From the line containing "Time elapsed since image 1: 2.9 sec." down to the last line of the material, output each line exactly as it appears, excluding pictures.
******************************
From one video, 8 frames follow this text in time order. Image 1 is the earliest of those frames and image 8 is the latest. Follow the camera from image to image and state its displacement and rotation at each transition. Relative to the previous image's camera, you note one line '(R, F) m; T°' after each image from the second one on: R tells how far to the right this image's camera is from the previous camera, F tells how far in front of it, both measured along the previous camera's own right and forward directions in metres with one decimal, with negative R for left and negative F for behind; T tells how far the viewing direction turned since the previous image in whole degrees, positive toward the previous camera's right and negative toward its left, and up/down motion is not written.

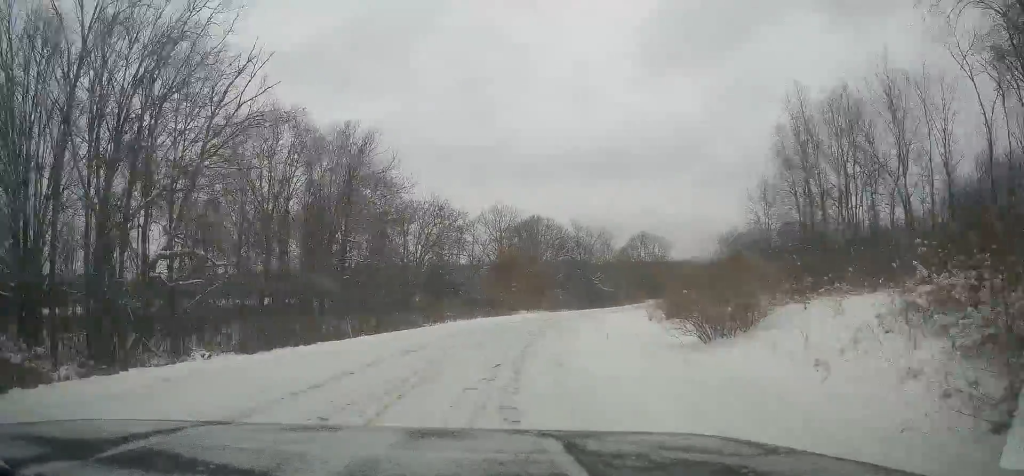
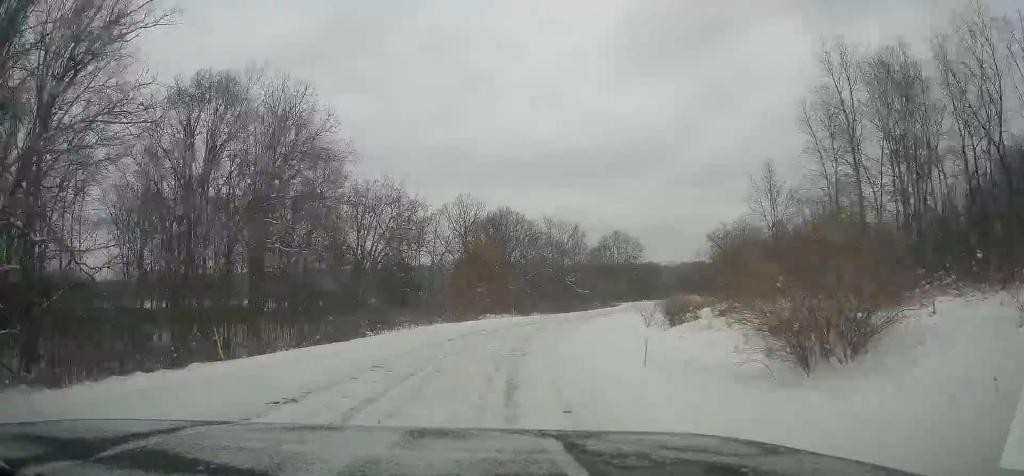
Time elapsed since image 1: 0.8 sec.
(-0.1, +9.3) m; +2°
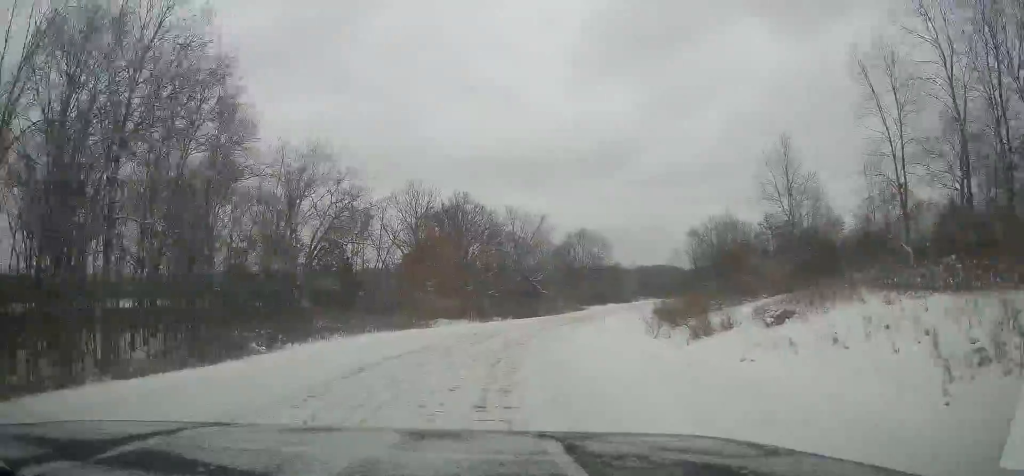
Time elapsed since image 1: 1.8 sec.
(+0.6, +11.5) m; +5°
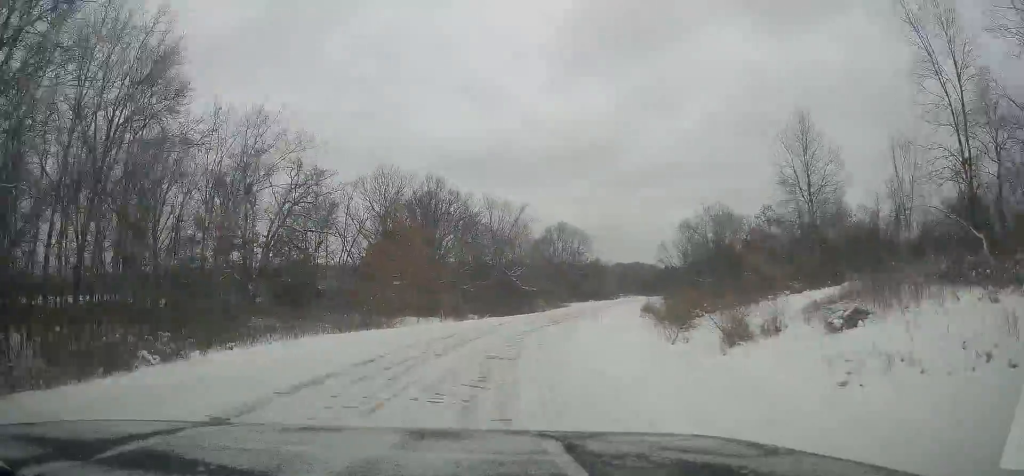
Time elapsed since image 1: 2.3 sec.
(-0.1, +6.8) m; +4°
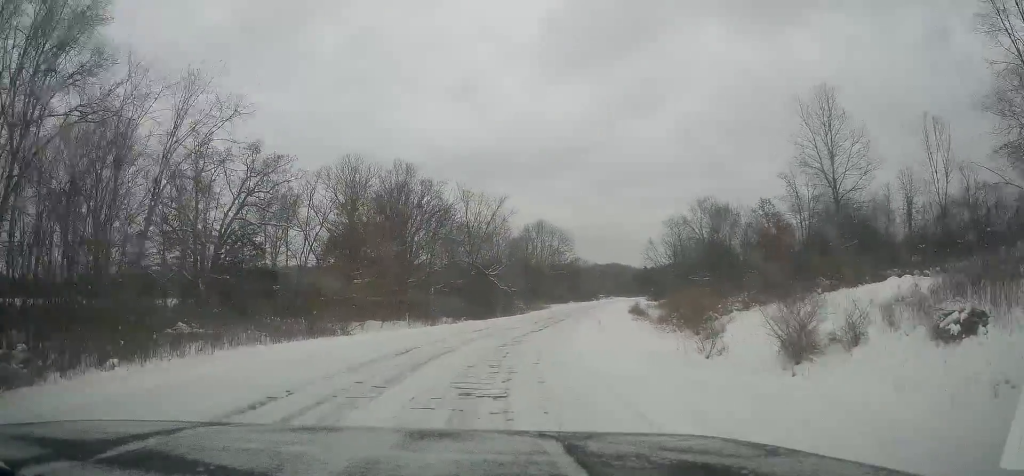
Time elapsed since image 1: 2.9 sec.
(+0.3, +6.5) m; +2°
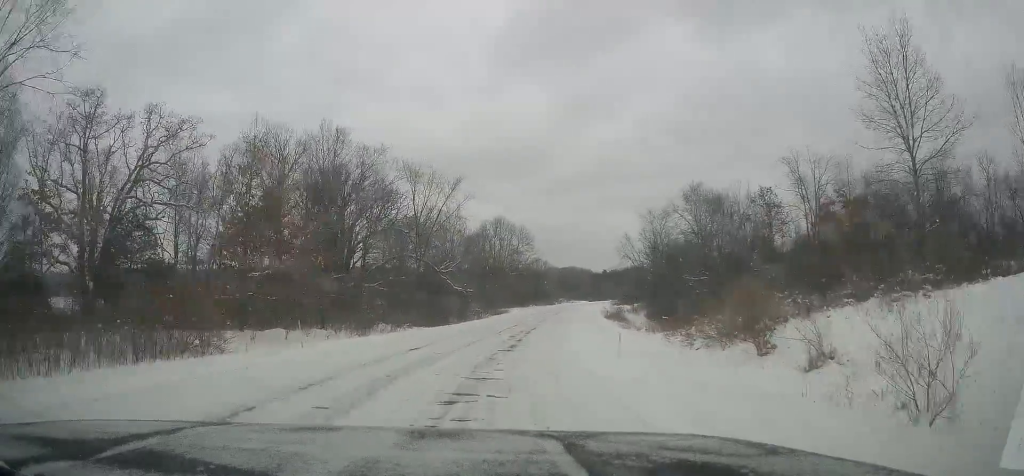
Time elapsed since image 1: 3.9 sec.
(+0.6, +12.5) m; +3°
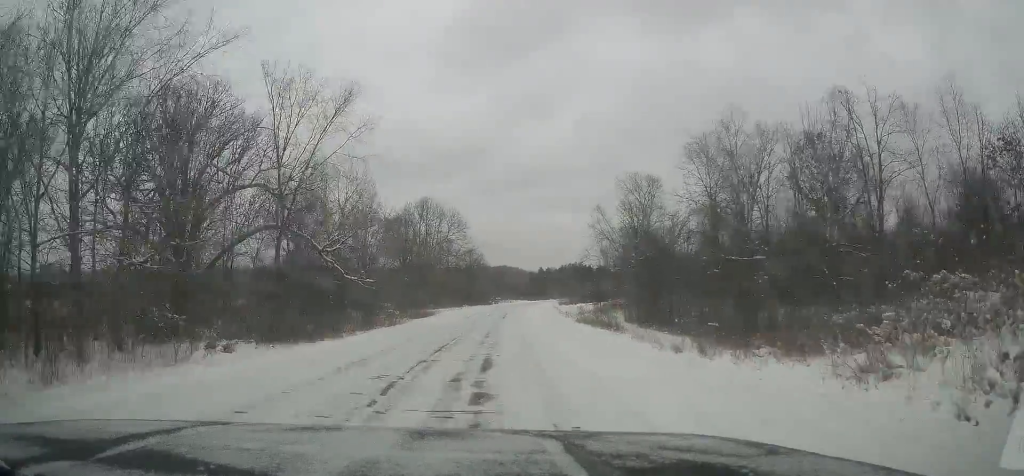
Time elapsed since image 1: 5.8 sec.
(+1.5, +24.5) m; +8°
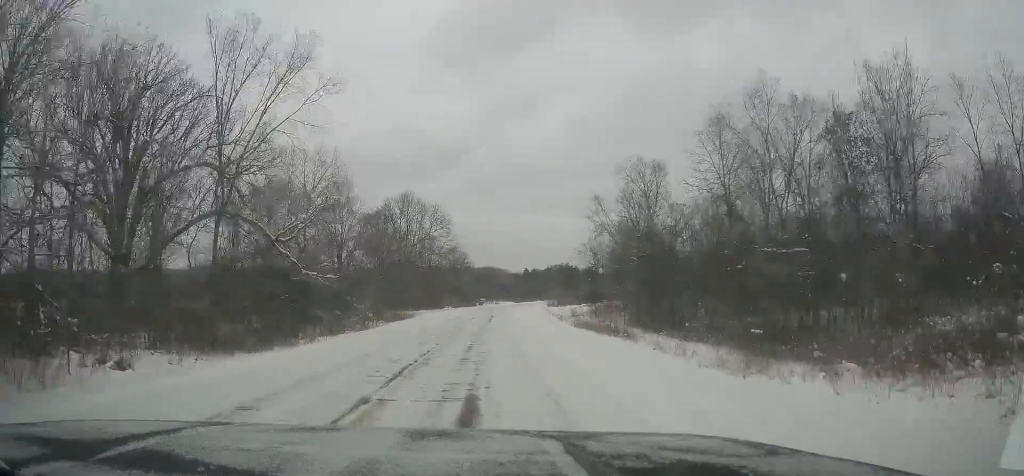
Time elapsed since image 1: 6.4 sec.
(+0.2, +6.7) m; 0°
******************************
*Result of this task*:
Time elapsed since image 1: 2.9 sec.
(+0.3, +6.5) m; +2°
Time elapsed since image 1: 3.9 sec.
(+0.6, +12.5) m; +3°
Time elapsed since image 1: 5.8 sec.
(+1.5, +24.5) m; +8°
Time elapsed since image 1: 6.4 sec.
(+0.2, +6.7) m; 0°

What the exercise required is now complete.